> _EXERCISE DIRECTIONS_
Please return the data word for word and leave out any picture it contains.

> _RECORDS FOR THIS TASK_
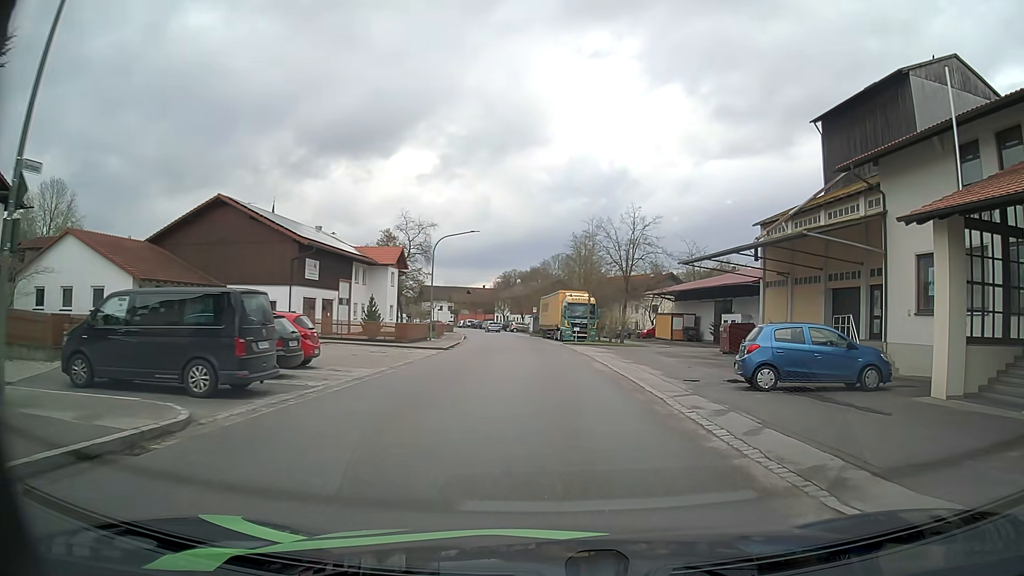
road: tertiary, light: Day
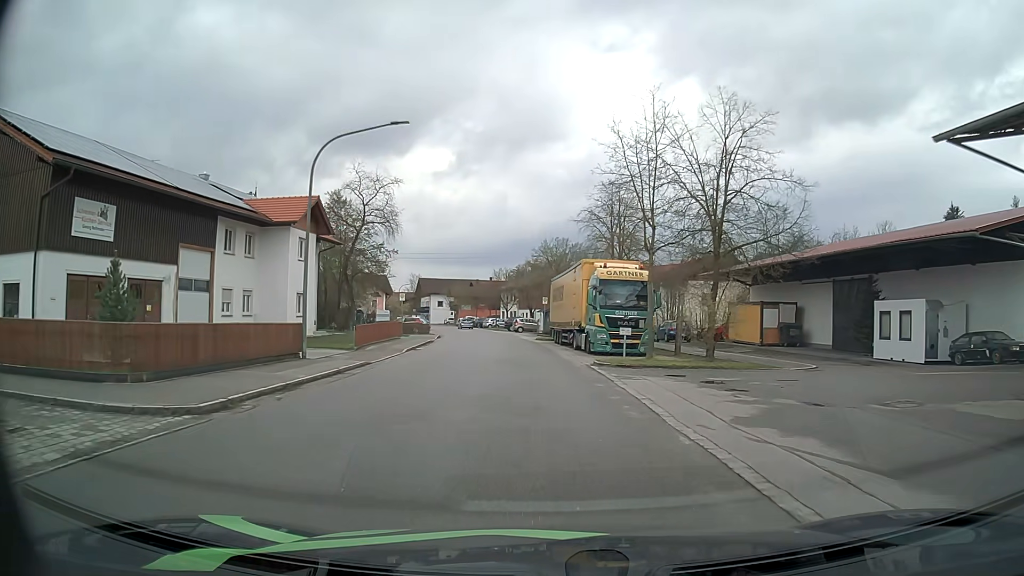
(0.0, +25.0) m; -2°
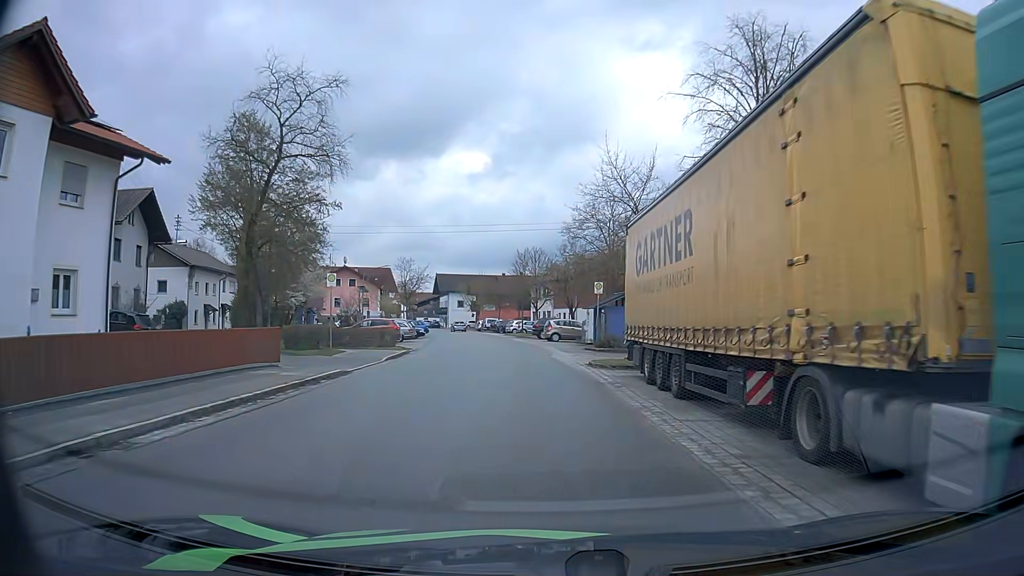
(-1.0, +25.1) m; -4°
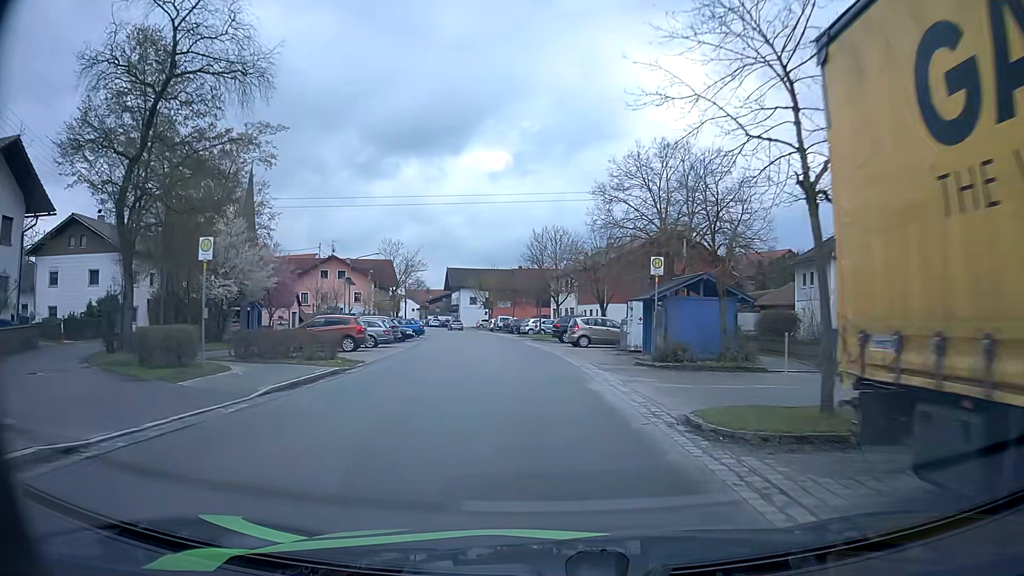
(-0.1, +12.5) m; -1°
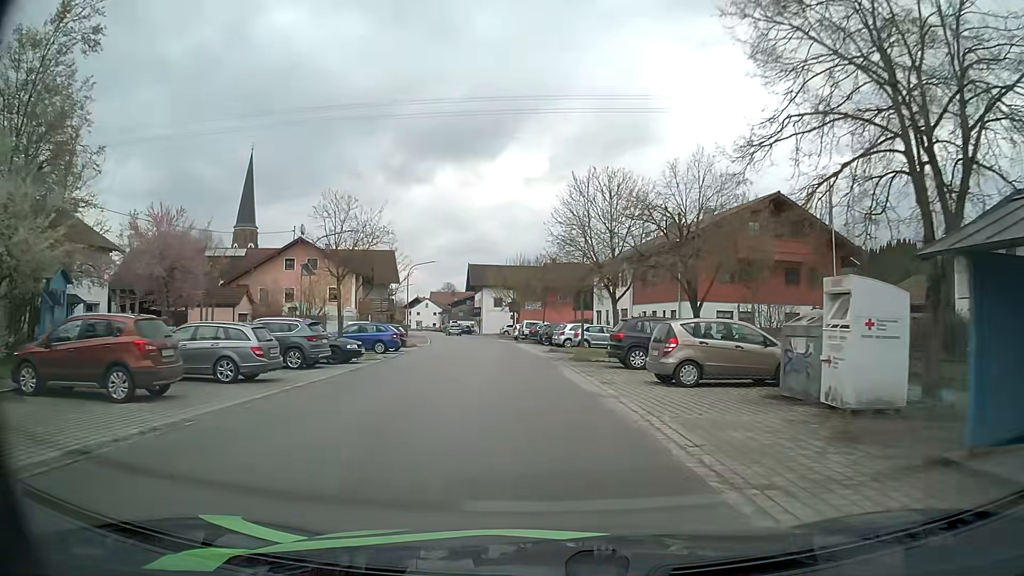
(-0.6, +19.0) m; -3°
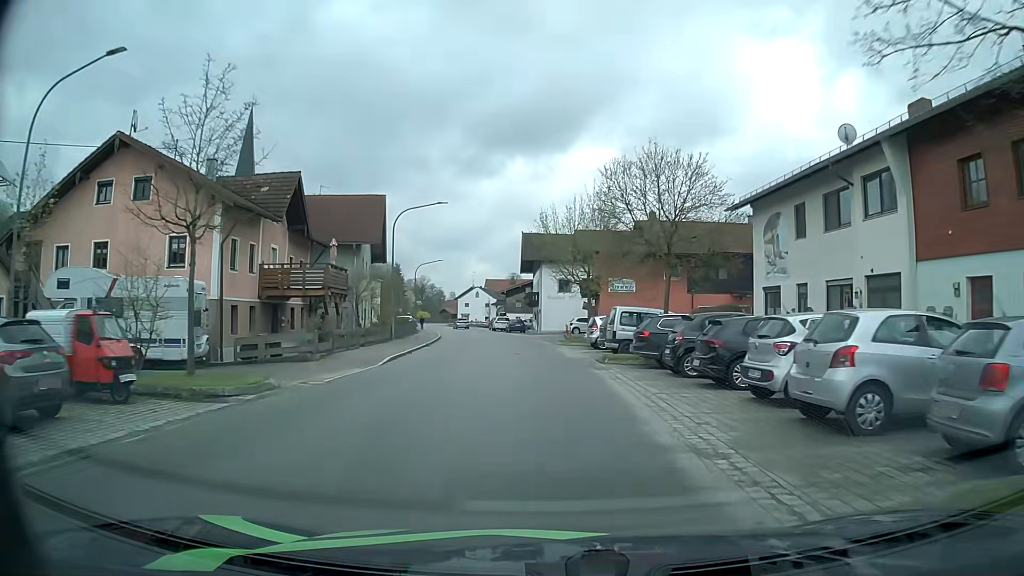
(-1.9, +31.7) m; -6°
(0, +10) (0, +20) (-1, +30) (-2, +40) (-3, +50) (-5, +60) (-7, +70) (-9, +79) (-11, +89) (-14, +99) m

> _ANSWER_
road: tertiary, light: Day
(0.0, +25.0) m; -2°
(-1.0, +25.1) m; -4°
(-0.1, +12.5) m; -1°
(-0.6, +19.0) m; -3°
(-1.9, +31.7) m; -6°
(0, +10) (0, +20) (-1, +30) (-2, +40) (-3, +50) (-5, +60) (-7, +70) (-9, +79) (-11, +89) (-14, +99) m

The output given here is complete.